Content starts
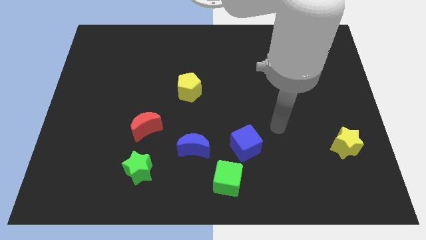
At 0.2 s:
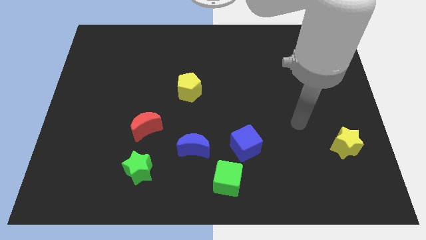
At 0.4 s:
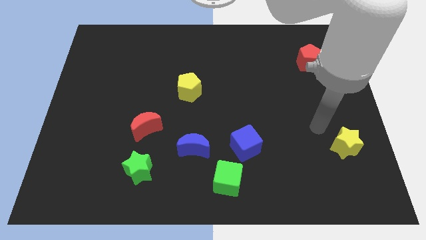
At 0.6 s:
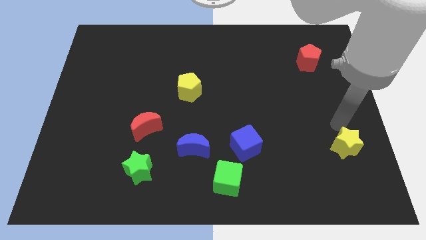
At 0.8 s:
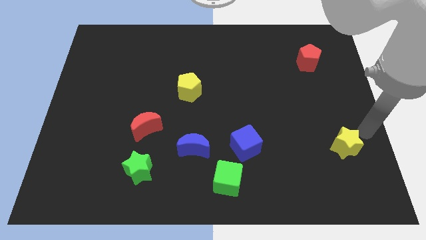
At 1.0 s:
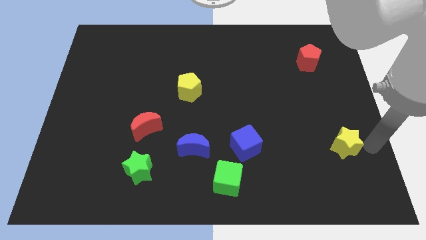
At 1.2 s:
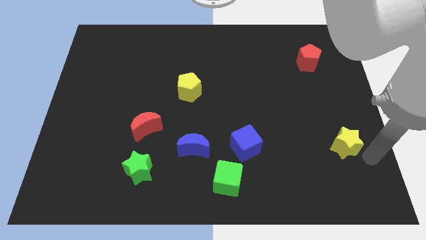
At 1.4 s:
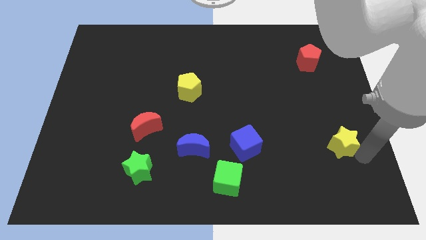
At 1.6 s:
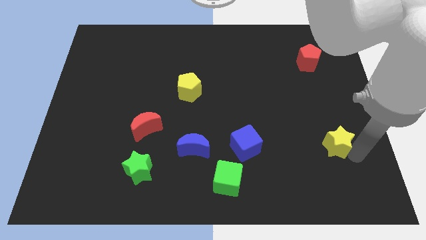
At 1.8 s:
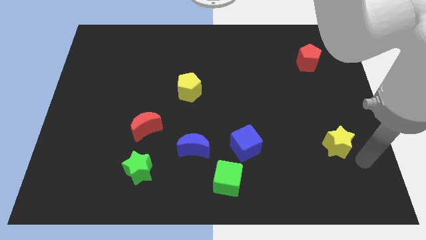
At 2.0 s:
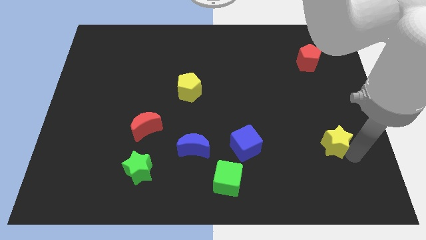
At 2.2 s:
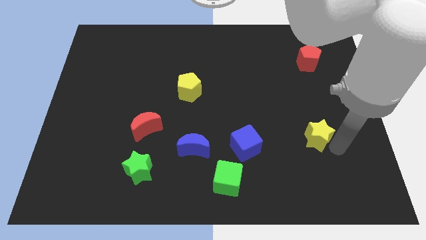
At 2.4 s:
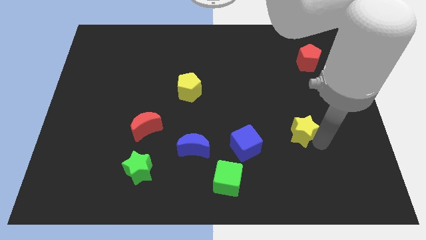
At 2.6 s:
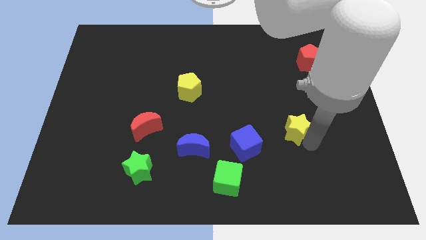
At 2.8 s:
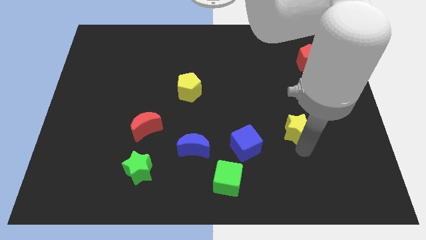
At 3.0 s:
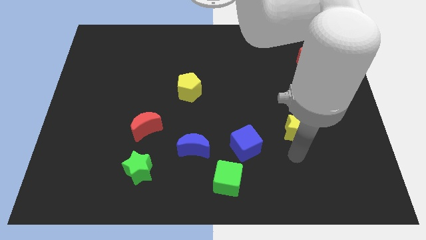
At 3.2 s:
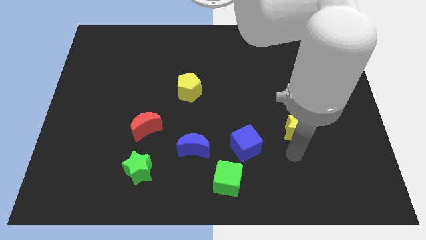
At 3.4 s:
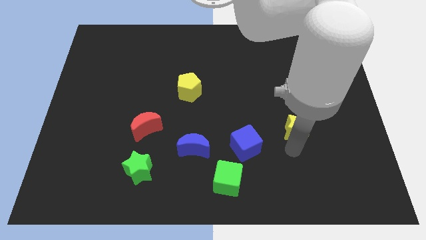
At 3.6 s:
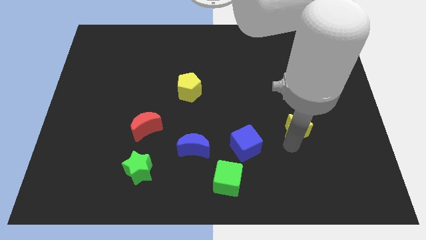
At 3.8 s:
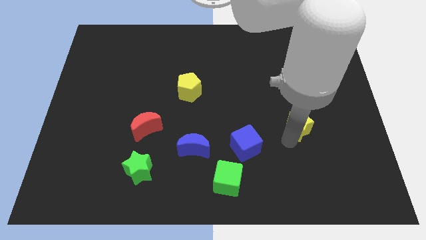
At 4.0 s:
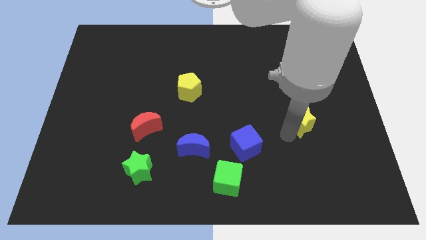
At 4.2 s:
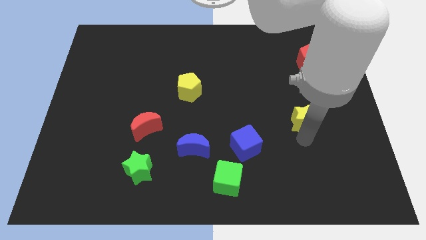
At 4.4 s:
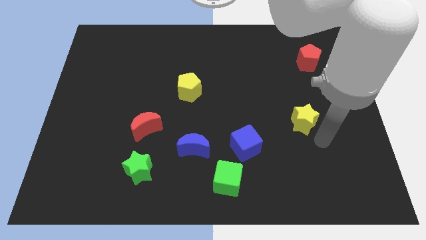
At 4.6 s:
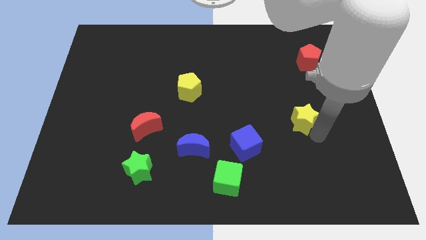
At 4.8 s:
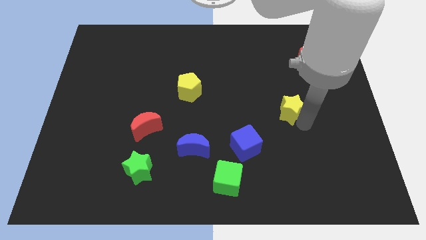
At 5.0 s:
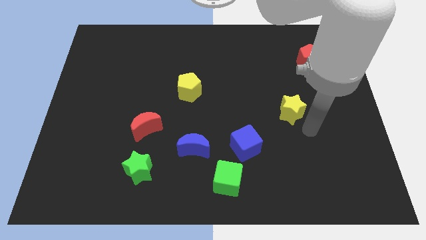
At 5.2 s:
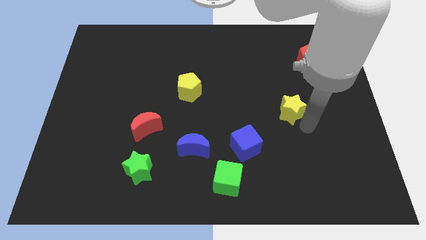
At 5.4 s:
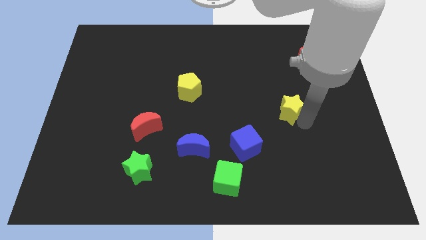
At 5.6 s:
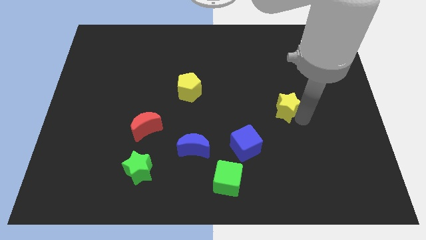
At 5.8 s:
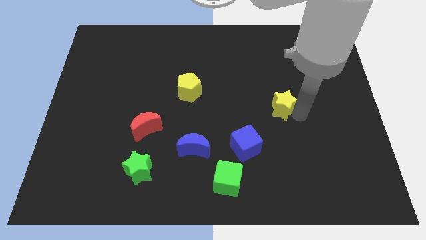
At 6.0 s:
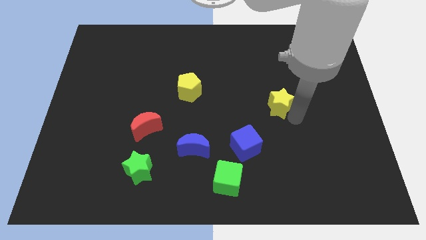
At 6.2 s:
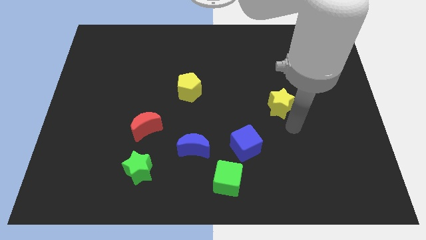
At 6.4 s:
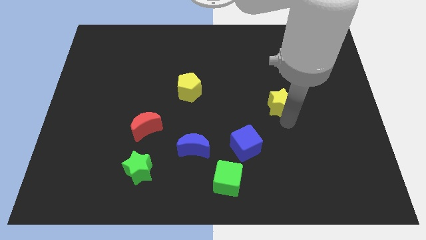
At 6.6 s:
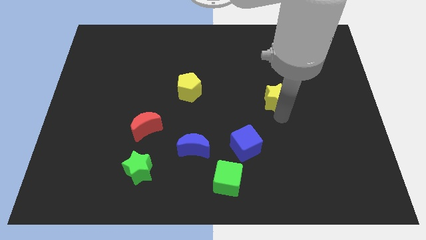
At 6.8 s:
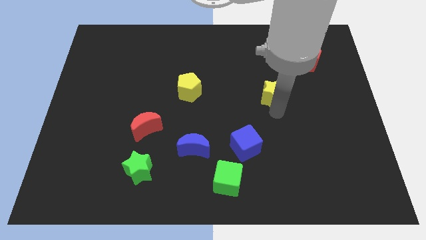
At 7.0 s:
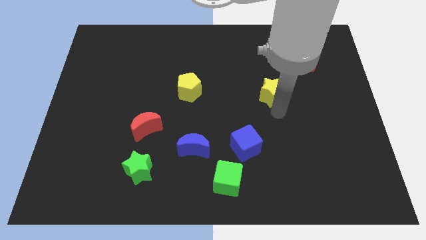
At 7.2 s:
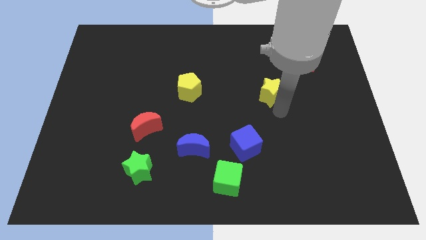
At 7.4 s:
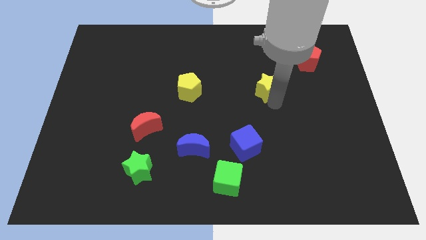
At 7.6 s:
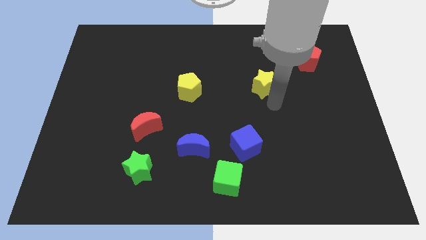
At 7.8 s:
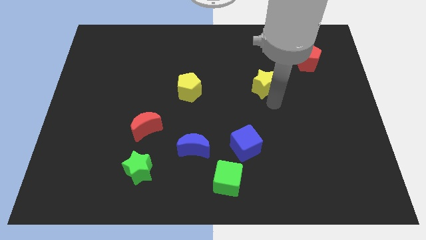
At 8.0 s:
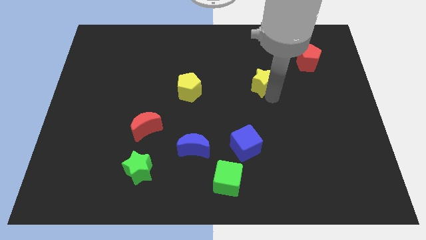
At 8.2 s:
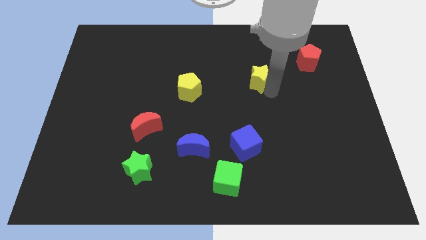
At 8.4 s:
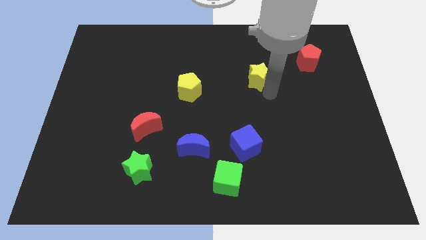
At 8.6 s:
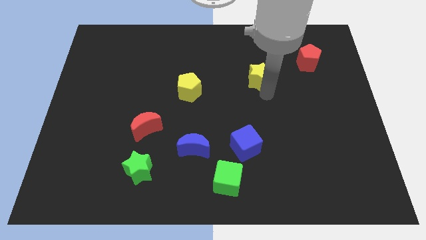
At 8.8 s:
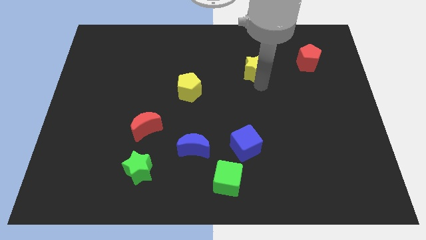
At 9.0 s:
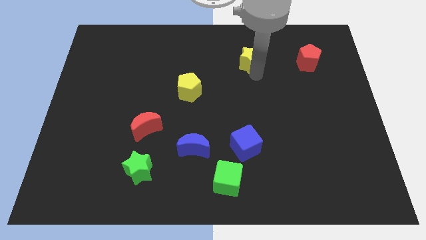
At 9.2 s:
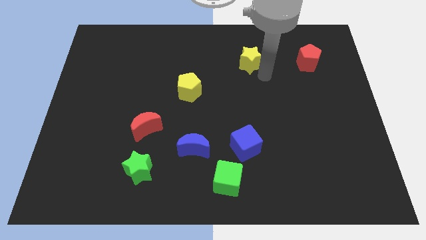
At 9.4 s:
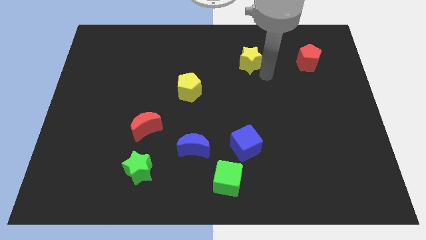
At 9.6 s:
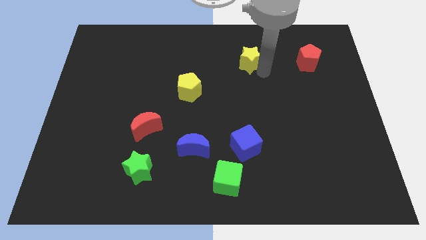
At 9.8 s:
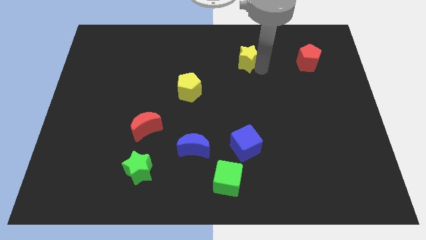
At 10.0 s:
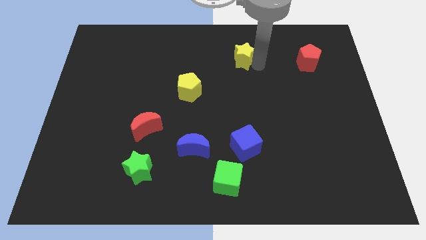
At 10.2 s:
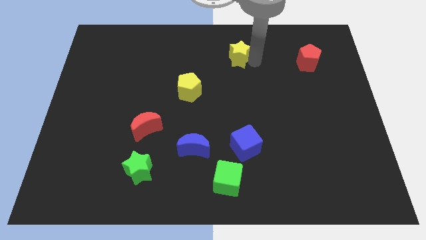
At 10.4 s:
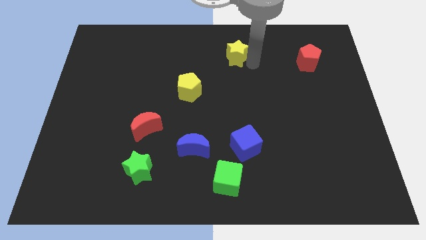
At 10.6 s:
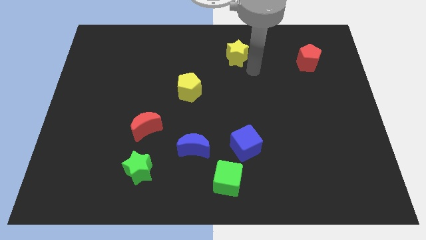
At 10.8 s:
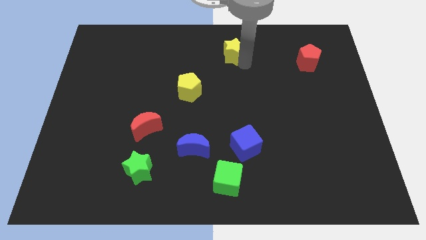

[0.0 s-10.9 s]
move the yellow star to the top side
Content ends
**Instructions to follow**
Pictures are not part of the copy. Return every record exactly.

**Completed exercise**
At 0.2 s:
At 0.4 s:
At 0.6 s:
At 0.8 s:
At 1.0 s:
At 1.2 s:
At 1.4 s:
At 1.6 s:
At 1.8 s:
At 2.0 s:
At 2.2 s:
At 2.4 s:
At 2.6 s:
At 2.8 s:
At 3.0 s:
At 3.2 s:
At 3.4 s:
At 3.6 s:
At 3.8 s:
At 4.0 s:
At 4.2 s:
At 4.4 s:
At 4.6 s:
At 4.8 s:
At 5.0 s:
At 5.2 s:
At 5.4 s:
At 5.6 s:
At 5.8 s:
At 6.0 s:
At 6.2 s:
At 6.4 s:
At 6.6 s:
At 6.8 s:
At 7.0 s:
At 7.2 s:
At 7.4 s:
At 7.6 s:
At 7.8 s:
At 8.0 s:
At 8.2 s:
At 8.4 s:
At 8.6 s:
At 8.8 s:
At 9.0 s:
At 9.2 s:
At 9.4 s:
At 9.6 s:
At 9.8 s:
At 10.0 s:
At 10.2 s:
At 10.4 s:
At 10.6 s:
At 10.8 s:

[0.0 s-10.9 s]
move the yellow star to the top side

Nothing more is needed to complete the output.